Most of the Israeli casualties on Wednesday came from a commando brigade involved in a confrontation with Shiite militia just over the border in the Israeli municipality of Misgav, while two soldiers from the Golani Brigade were killed in a separate incident in Maroun-el-Ras district in southern Lebanon.

Hezbollah said its fighters wounded and killed a group of Israeli soldiers in southern Lebanon after detonating an explosive device, and claimed it destroyed three Israeli Merkava tanks with guided missiles in the Lebanese border town of Maroun el-Ras. The Guardian was unable to verify the circumstances of any of the incidents.

The Britain-based Syrian Observatory for Human Rights reported on Wednesday that an Israeli air strike in Damascus killed three people and leveled a building in the Mazzeh district, an area favored by Hezbollah fighters and IRGC officers.

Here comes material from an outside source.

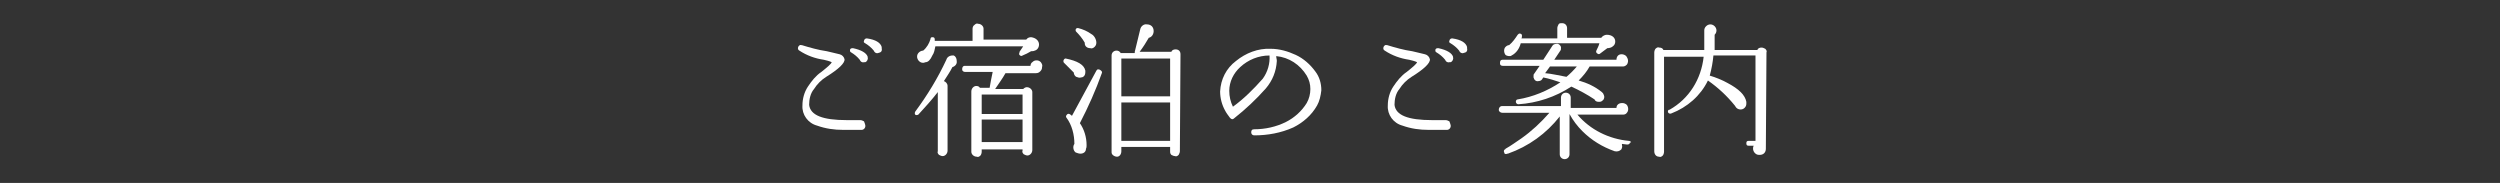 <svg enable-background="new 0 0 410 30" viewBox="0 0 410 30" xmlns="http://www.w3.org/2000/svg" xmlns:xlink="http://www.w3.org/1999/xlink"><rect x="0" y="0" width="410" height="30" fill="#333333" stroke="none"/><clipPath id="a"><path d="m0 0h410v30h-410z"/></clipPath><g clip-path="url(#a)" fill="#fff"><path d="m141.9 20.5c.1.4-.2.8-.6.8-.1 0-.1 0-.2 0-1.8 0-2.7 0-2.8 0-1.5 0-2.9-.2-4.3-.7-1.5-.4-2.5-1.8-2.4-3.3 0-1.1.3-2.2.9-3.1s1.3-1.8 2.2-2.4c1-.8 1.6-1.3 1.7-1.6-.4-.2-.9-.3-1.3-.4-1.4-.2-2.8-.7-4-1.5-.2-.1-.3-.3-.2-.6.1-.2.3-.4.5-.3h.1c1.3.4 2.7.8 4.1 1 .5.1 1.2.3 2.1.5.4.1.7.4.8.8.1.6-.9 1.6-3 2.9-.8.5-1.5 1.2-2 2-.6.7-.8 1.7-.8 2.6.2 1.7 2.2 2.5 6.2 2.5h1.9.3c.2 0 .4.1.6.2.1.3.2.5.2.6zm.4-11.1c.1.3-.1.7-.4.8-.1 0-.1 0-.2 0-.3.1-.6-.1-.7-.4-.4-.5-.9-.9-1.4-1.2-.2-.1-.2-.2-.2-.4s.2-.3.4-.3h.1c1.4.3 2.2.8 2.4 1.4zm2.3-1.5c.1.5-.1.7-.6.8-.3.1-.6-.1-.7-.4-.4-.5-.9-.9-1.4-1.2-.2-.1-.3-.2-.2-.4 0-.2.2-.4.4-.4h.1c1.4.2 2.2.7 2.4 1.4z"/><path d="m156.9 10c.1.5-.3.9-.7 1-.4.8-.9 1.5-1.4 2.3.3.1.6.4.6.8v10.6c0 .5-.4.9-.8.9-.2 0-.4-.1-.6-.2-.2-.2-.3-.4-.2-.6v-9.7c-1 1.3-2.1 2.5-3.2 3.7-.2.1-.4.1-.5 0s-.1-.3 0-.5c2-2.7 3.7-5.5 5.1-8.5.1-.4.5-.7 1-.7.3-.1.7.3.7.9zm13.5-2.7c0 .5-.3.9-.7 1-.2.1-.4.1-.6.1-.5.3-.9.5-1.4.7-.1.1-.3.1-.4 0-.2-.1-.2-.3-.1-.5 0 0 0 0 0-.1.2-.3.4-.6.6-.9h-14.4c-.1.5-.2 1.1-.5 1.5-.3.7-.7 1.1-1.1 1.1-.1 0-.2.1-.4.1-.3 0-.5-.1-.7-.3s-.3-.5-.3-.7c0-.3.1-.5.3-.7s.5-.3.7-.3c.6-.5 1-1.2 1.2-1.9 0-.2.1-.3.3-.3.3 0 .4.1.4.4v.2h6.2v-2c0-.2.1-.5.3-.6.2-.2.4-.3.6-.2.5 0 .9.4.9.8v1.8h7c.2-.3.5-.4.8-.4.8.1 1.3.6 1.3 1.2zm.5 3.7c0 .3-.1.5-.3.7s-.4.3-.7.3h-5c-.5.9-1.1 1.7-1.7 2.6h4.6c.2-.2.4-.3.6-.3.5 0 .9.4.9.8v9.5c0 .5-.4.9-.8.9-.2 0-.4-.1-.6-.2-.2-.2-.3-.4-.2-.6v-.2h-6.7v.4c0 .2-.1.5-.2.6-.2.2-.4.3-.6.2-.5 0-.9-.4-.9-.8v-9.9c0-.5.4-.9.8-.9.3 0 .5.1.6.3h1.6c.1-.7.3-1.6.5-2.6h-4.5c-.2 0-.5-.1-.5-.4v-.1c0-.2.1-.5.4-.5h.1 10.7c0-.2.1-.5.3-.6.2-.2.4-.3.7-.3s.5.1.7.3c.2.3.3.5.2.8zm-3.2 7.7v-3.2h-6.7v3.2zm0 4.6v-3.7h-6.7v3.7z"/><path d="m178 11.6c0 .2 0 .5-.1.7s-.3.4-.6.4c-.3.1-.5 0-.8-.1-.2-.1-.4-.4-.4-.7l-1.6-1.6c-.1-.1-.1-.2-.1-.3 0-.2.2-.4.3-.4h.1c1.9.4 3 1 3.2 2zm2.7.4c-1 2.8-2.2 5.5-3.6 8.2.7 1 1.1 2.3 1.1 3.6 0 .2 0 .4-.1.6 0 .5-.4.8-.9.8-.3 0-.5-.1-.8-.2-.4-.3-.5-1-.2-1.4 0-1.5-.4-3.1-1.3-4.3-.1-.1-.1-.3 0-.4.1-.2.3-.3.5-.2s.3.2.4.3l4-7.4c.1-.2.3-.3.4-.2h.1c.4.2.5.4.4.6zm-.9-5c0 .3-.1.5-.3.7s-.5.3-.7.2c-.5 0-.9-.3-.9-.8v-.1c-.4-.7-.9-1.3-1.4-1.8-.1-.1-.1-.2-.1-.3 0-.2.2-.3.3-.3h.1c.8.2 1.5.5 2.2 1 .4.2.8.8.8 1.4zm13.7 17.8c0 .2-.1.4-.2.6-.2.2-.4.3-.6.2-.2 0-.4-.1-.6-.2-.2-.2-.2-.4-.2-.6v-.7h-8v.7c0 .5-.3.9-.7.9s-.9-.3-.9-.7c0-.1 0-.1 0-.2v-15.7c0-.5.4-.8.8-.8.3 0 .5.1.7.4h2.3c0-.1 0-.1 0-.2.3-1.2.6-2.4.9-3.7.1-.5.6-.9 1.1-.8.3 0 .6.1.8.3s.3.5.3.8c0 .5-.3 1-.8 1.1-.4.7-.9 1.5-1.5 2.3h5.2c.1-.3.4-.4.7-.4.5 0 .8.3.8.8zm-1.6-9v-6.2h-8v6.2zm0 7.3v-6.3h-8v6.3z"/><path d="m216 17.3c-.9 1.6-2.3 2.8-3.9 3.6-2 .9-4.2 1.3-6.4 1.3-.3 0-.5-.2-.5-.5s.1-.5.5-.5c1.8 0 3.6-.4 5.2-1.2 1.4-.7 2.6-1.8 3.4-3.1.4-.7.6-1.5.6-2.3s-.2-1.5-.6-2.2c-1.1-1.8-2.9-3-5-3.2 0 .3.1.5.1.8-.1 1.7-.7 3.2-1.8 4.5-1.6 1.8-3.3 3.4-5.2 4.9-.2.2-.4.2-.6 0 0 0 0 0-.1-.1-.3-.4-.6-.8-.8-1.2-.5-.9-.8-2-.8-3.1.1-2 1-3.8 2.6-5 1.6-1.3 3.6-2.1 5.7-2 1.4 0 2.8.4 4.1 1s2.4 1.6 3.2 2.7c.7.9 1 2 1 3.1-.1.9-.3 1.8-.7 2.5zm-7.8-8.2c-1.8 0-3.5.7-4.8 1.9-1.1 1-1.8 2.4-1.8 3.9 0 .9.2 1.8.6 2.6 1.8-1.3 3.4-2.9 4.9-4.6.8-1.1 1.2-2.5 1.1-3.8z"/><path d="m237.9 20.5c.1.4-.2.8-.6.8-.1 0-.1 0-.2 0-1.8 0-2.7 0-2.8 0-1.5 0-2.9-.2-4.3-.7-1.5-.4-2.5-1.8-2.4-3.3 0-1.1.3-2.2.9-3.1s1.3-1.8 2.2-2.4c1-.8 1.6-1.3 1.7-1.6-.4-.2-.9-.3-1.3-.4-1.4-.2-2.8-.7-4-1.5-.2-.1-.3-.3-.2-.6.1-.2.3-.4.5-.3h.1c1.3.4 2.7.8 4.1 1 .5.1 1.2.3 2.1.5.4.1.7.4.8.8.1.6-.9 1.6-3 2.9-.8.5-1.5 1.2-2 2-.6.7-.8 1.7-.8 2.6.2 1.7 2.2 2.5 6.2 2.5h1.9.3c.2 0 .4.1.6.2.1.3.2.5.2.6zm.4-11.1c.1.3-.1.7-.4.8-.1 0-.1 0-.2 0-.3.1-.6-.1-.7-.4-.4-.5-.9-.9-1.4-1.2-.2-.1-.2-.2-.2-.4s.2-.3.4-.3h.1c1.4.3 2.2.8 2.4 1.4zm2.3-1.5c.1.5-.1.7-.6.8-.3.1-.6-.1-.7-.4-.4-.5-.9-.9-1.4-1.2-.2-.1-.3-.2-.2-.4 0-.2.2-.4.4-.4h.1c1.4.2 2.2.7 2.4 1.4z"/><path d="m267 10c0 .2-.1.5-.2.6-.2.2-.4.3-.6.3h-5.5c-.5.9-1.1 1.6-1.8 2.3 1.4.4 2.7 1 3.8 1.9l.2.2c.1.2.2.4.2.6s-.1.5-.3.6c-.2.2-.4.2-.6.2-.3 0-.6-.1-.7-.4-1.2-.8-2.5-1.5-3.8-2.1-2.6 1.7-5.6 2.7-8.7 2.9-.2 0-.4-.2-.4-.4s.1-.4.3-.4c2.5-.4 4.9-1.4 7-2.8-.9-.3-1.8-.6-2.8-.8l-.2.3c-.1.2-.4.3-.6.3-.4.1-.7-.2-.8-.6 0-.1 0-.1 0-.2 0-.2 0-.3.1-.4l.9-1.3h-6c-.3 0-.5-.1-.5-.4v-.1c0-.3.1-.5.4-.5h.1 6.6l1.5-2.3c.1-.2.4-.3.6-.3.4-.1.7.2.8.5v.2c0 .2 0 .3-.1.4l-1 1.5h10.2c0-.5.3-.9.8-.9h.1c.2 0 .5.1.7.3.2.3.3.5.3.8zm.3 13.4c0 .2-.2.3-.4.3h-.1l-.8-.1v.2c.1.2 0 .5-.1.7-.3.3-.7.4-1.1.3-2-.7-3.8-1.8-5.3-3.3-.8-.8-1.5-1.7-2.1-2.8v6.6c0 .4-.3.8-.8.8-.4 0-.8-.3-.8-.8v-6.2c-2.2 2.8-5.1 4.9-8.5 6.1h-.1c-.2.1-.4.1-.5-.1 0 0 0 0 0-.1-.1-.1-.1-.4.1-.5 0 0 .1 0 .1-.1.9-.5 1.7-1.1 2.6-1.7 1.7-1.2 3.2-2.6 4.6-4.2h-7.7c-.3 0-.6-.2-.6-.5s.2-.6.5-.6h.1 9.6v-1.4c0-.4.3-.8.8-.8.4 0 .8.3.8.8v1.7h7.5c0-.5.4-.8.9-.8h.1c.2 0 .5.1.7.3.3.4.3 1 0 1.3-.1.2-.4.3-.6.3h-7.5c2.1 2.5 5.2 4 8.4 4.3.2 0 .4.1.4.3-.2-.1-.2 0-.2 0zm-2.4-16.6c0 .3-.1.6-.4.8-.2.2-.6.3-.9.3-.4.3-.8.6-1.2.9-.1.1-.3.1-.4 0-.2-.1-.3-.3-.2-.5.2-.4.4-.8.5-1.2h-12.9c-.2.8-.7 1.6-1.5 2-.1.1-.2.1-.4.1s-.5-.1-.6-.2c-.3-.4-.3-1 0-1.3.2-.2.4-.3.6-.3.6-.5 1-1.1 1.4-1.7.1-.1.2-.2.3-.2.2 0 .4.1.4.3v.1c0 .1 0 .3-.1.4h5.9v-1.7c0-.2.1-.4.2-.6s.3-.2.6-.2c.5 0 .8.4.8.8v1.6h5.6c.2-.3.6-.5.9-.5.9 0 1.4.5 1.4 1.1zm-6.3 4.1h-4.4l-.8 1.1c1.2.1 2.3.4 3.5.6.6-.5 1.2-1.1 1.7-1.7z"/><path d="m289.6 24.4c0 .6-.4 1-1 1h-.1c-.3 0-.5-.1-.7-.3s-.3-.5-.3-.7 0-.3.1-.5h-.8c-.3 0-.4-.1-.4-.4s.1-.4.4-.4h1.1v-14h-6.9c-.1 1.1-.3 2.2-.6 3.3 1 .3 2 .7 2.9 1.2 1.9 1 2.9 2 3.1 3.1v.3c0 .3-.1.5-.3.7-.4.4-1.1.3-1.4-.1-.1-.1-.1-.2-.2-.3-1.3-1.6-2.7-2.9-4.4-4.1-1.2 2.5-3.4 4.4-6 5.4-.2.1-.4 0-.5-.1-.1-.2-.1-.4.1-.5h.1c3.2-1.8 5.2-5 5.6-8.7h-6.5v15.6c0 .2-.1.5-.2.6-.2.2-.4.3-.6.2-.5 0-.8-.4-.8-.9v-16.2c0-.2.1-.5.2-.6.2-.2.4-.3.6-.2.3 0 .6.1.7.4h6.7c0-.4 0-1.1 0-2v-1.2c0-.3.1-.5.3-.7.4-.4 1-.4 1.4 0 .4.4.4 1 0 1.4v2.5h7c.1-.3.4-.4.7-.4.2 0 .4.1.6.2.2.2.3.4.2.6z"/></g></svg>

The Israel Defense Forces (IDF) is still fighting Hamas in Gaza almost a year after the outbreak of war. They regularly carry out raids against militants in the West Bank and in the past two weeks have expanded the war on Hezbollah with targeted assassinations and devastating airstrikes across Lebanon, culminating on Tuesday with cross-border incursions by ground troops.

The stated goal of the Lebanon offensive is to create conditions that will allow the more than 60,000 Israeli residents displaced by Hezbollah attacks last year to return to their homes. But the killing of Hezbollah leader Hassan Nasrallah in an airstrike on Friday triggered Iran’s missile strike on Tuesday in retaliation for the death of Tehran’s closest partner in the region.

The UN Security Council met on Wednesday to discuss the worsening conflict. Secretary-General António Guterres warned that “time is of the essence” and that “the deadly cycle of violence that betrays one another must be stopped.”

Iran justified its attack as self-defense in a letter to the Security Council, saying that “in full compliance with the principle of distinction under international humanitarian law, its defensive missile strikes only targeted the regime’s military and security facilities.”

Israeli UN Ambassador Danny Danon rejected this claim, calling the Iranian missile attack “a calculated attack on the civilian population.”

Danny Danon at the United Nations on Tuesday. Photo: Stephanie Keith/Getty Images

“Israel will respond,” Danon told reporters. “Our response will be decisive, and yes, it will be painful, but unlike Iran, we will act in full accordance with international law.”

He later added that it was worse than the Iranians “could have ever imagined.”

U.S. envoy Linda Thomas-Greenfield called on the Security Council to impose “severe consequences” for Tuesday’s attack against Iran’s Islamic Revolutionary Guard Corps.

“The Iranian regime will be held accountable for its actions,” Thomas-Greenfield said. “And we strongly warn against Iran – or its proxies – taking action against the United States or taking further action against Israel.”

The unfolding crisis comes at a difficult time for Joe Biden, less than five weeks before an election in which he hopes to hand control of the White House to his Vice President Kamala Harris.

While he shows strong support for Israel, he tries to prevent the US from becoming directly involved in a conflict with Iran. He is aware that Israel sees the Iranian nuclear program as a potential existential threat, but cannot do any significant damage to it militarily alone.

“It is a widespread assumption that Netanyahu has insisted throughout his years in power that the United States should be brought into direct military confrontation with Iran, and that this now appears closer to fruition than ever before,” said Daniel Levy , the president of Iran said the US/Middle East Project Policy Institute.

Ali Vaez, director of the Iran Project at the International Crisis Group, said: “I think Israel’s impressive achievements in both the military and intelligence domains in recent weeks have attracted some in the Biden administration who had previously urged caution “To consider options to go for the jugular now and further weaken Iran and its allies in the region or possibly even target Iran’s nuclear program.”

Vaez warned: “Whether the US is involved or not, such an attack would certainly be the final straw in Iran’s political decision to develop the ultimate deterrent.”